I looked around me and saw the battered body of Caspar, arse well and truly on the ground, hammered to fuck in the middle of the road. He was in bulk, writhing like a wounded animal, screaming out in intense agony. Pain seared through every nerve ending in his knees because he had hit the ground hard and landed awkward-like, instantly shattering a knee-cap and dislocating the other badly enough so that he was completely knackered and in no fit state to escape. An ambulance would be called for and he would be whisked off to hospital to be operated on and stitched up, kept under observation and nursed back to health before being sent to a detention centre to await trial.

A big bastard bully of a copper came bounding out of nowhere, his big fuck-off hands snatching hold of my collar and ragging me off the bonnet, the fucking prick, then body slammed me onto the road, pushing me helmet first into the tarmac.

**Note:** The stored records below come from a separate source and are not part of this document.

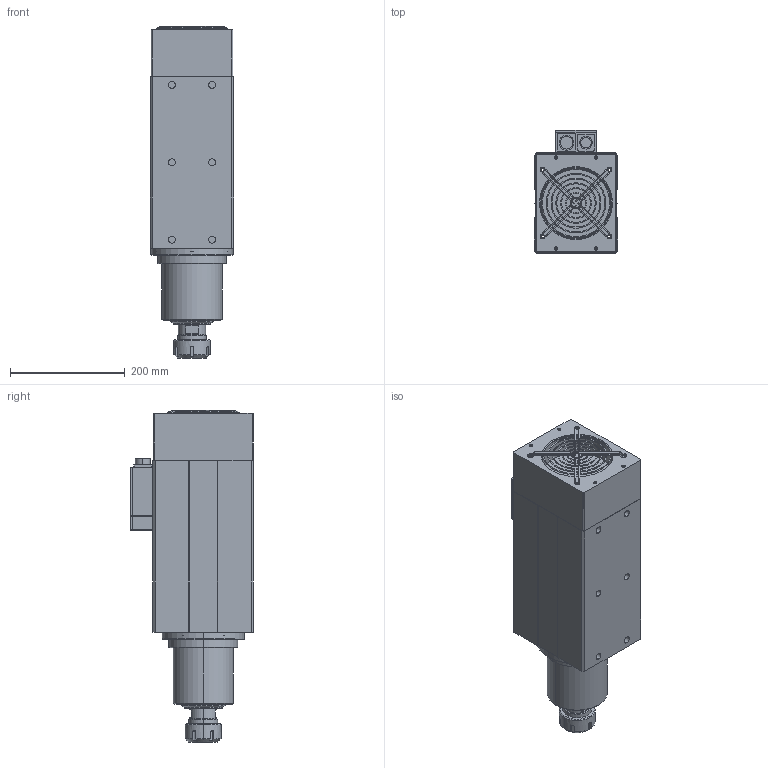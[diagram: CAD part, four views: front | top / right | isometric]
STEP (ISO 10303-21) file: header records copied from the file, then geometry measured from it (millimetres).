
FILE_DESCRIPTION (( 'STEP AP214' ), '1' );
FILE_NAME ('GDF87-18Z-13.STEP', '2021-04-28T02:49:17', ( '萇齟' ), ( '' ), 'SwSTEP 2.0', 'SolidWorks 2018', '' );
FILE_SCHEMA (( 'AUTOMOTIVE_DESIGN' ));
Length unit declared in the file: millimetre
Products named in the file (12): 沺瑞珔SLDPRT; ER40 粟俶芠標; GDF87-18Z-13.4-4P狟諉盄碟; GDF87-18Z-13.4-4P儂褲; GDF87-18Z-13.4-4P儂裔; GDF87-18Z-13.4-4P粣芛; GDF87-18Z-13.4-4P前螺母; ER40蹟簽; GDF87-18Z-13.4-4P前盖; GDF87-18Z-13.4-4P瑞欶; GDF87-18Z-13; GDF87-18Z-13.4-4P奻諉盄碟
Assembly tree (11 placements, depth 2):
  GDF87-18Z-13
    GDF87-18Z-13.4-4P儂褲
    GDF87-18Z-13.4-4P儂裔
    GDF87-18Z-13.4-4P前盖
    GDF87-18Z-13.4-4P前螺母
    GDF87-18Z-13.4-4P粣芛
    GDF87-18Z-13.4-4P狟諉盄碟
    GDF87-18Z-13.4-4P奻諉盄碟
    GDF87-18Z-13.4-4P瑞欶
    沺瑞珔SLDPRT
    ER40 粟俶芠標
    ER40蹟簽
Bounding box: 145 x 214.5 x 579.45 mm (x, y, z)
Volume: 4014778.9 mm3; surface area: 1051156 mm2
Topology: 11 solids, 11 shells, 651 faces, 1667 edges, 1103 vertices
Faces by surface type: cylinder 329, plane 218, cone 60, torus 44
Entity records: 22337 total; most frequent: CARTESIAN_POINT 5270, DIRECTION 3511, ORIENTED_EDGE 3314, EDGE_CURVE 1657, AXIS2_PLACEMENT_3D 1390, VERTEX_POINT 1103, EDGE_LOOP 894, LINE 731

That was all I could see through the clear acrylic visor and my mind went blank. I could hear myself breathing. My heart was beating so loudly I could hear it in the helmet, overlaid with the sound of passing traffic; they sounded so close they could have run over my head. The bizzie issued the warning that if I attempted to resist, he’d bust a cap in my arse using his Walther P5. A quick thrust and my arm was twisted halfway up my back; I was being jerked to my feet with brute force and frog-marched towards the pavement, bent over double to keep my wrist from being broken. I was pinned up against a wall and he shifted his grip on my arm while trying to slap the handcuffs on me, letting go for a fraction of a second and I automatically spun free and a sudden flash of panic energized my legs into a top sprint as I made one last dash for freedom. I was flying through the air; my feet didn’t touch the ground, I felt like Ben Johnson in the dirtiest race of all time and soon gained the upper hand, out-running the fat fucker with ease. He was obviously incensed that I’d had the gall to casually break the laws of his land, then attempt to bolt for it, wound up because he had the feeling that I was taking liberties and was well fucked-off. The pig-dog nearly burst a blood vessel in his indignant rage as he barked at me: “Stop or I’ll shoot!”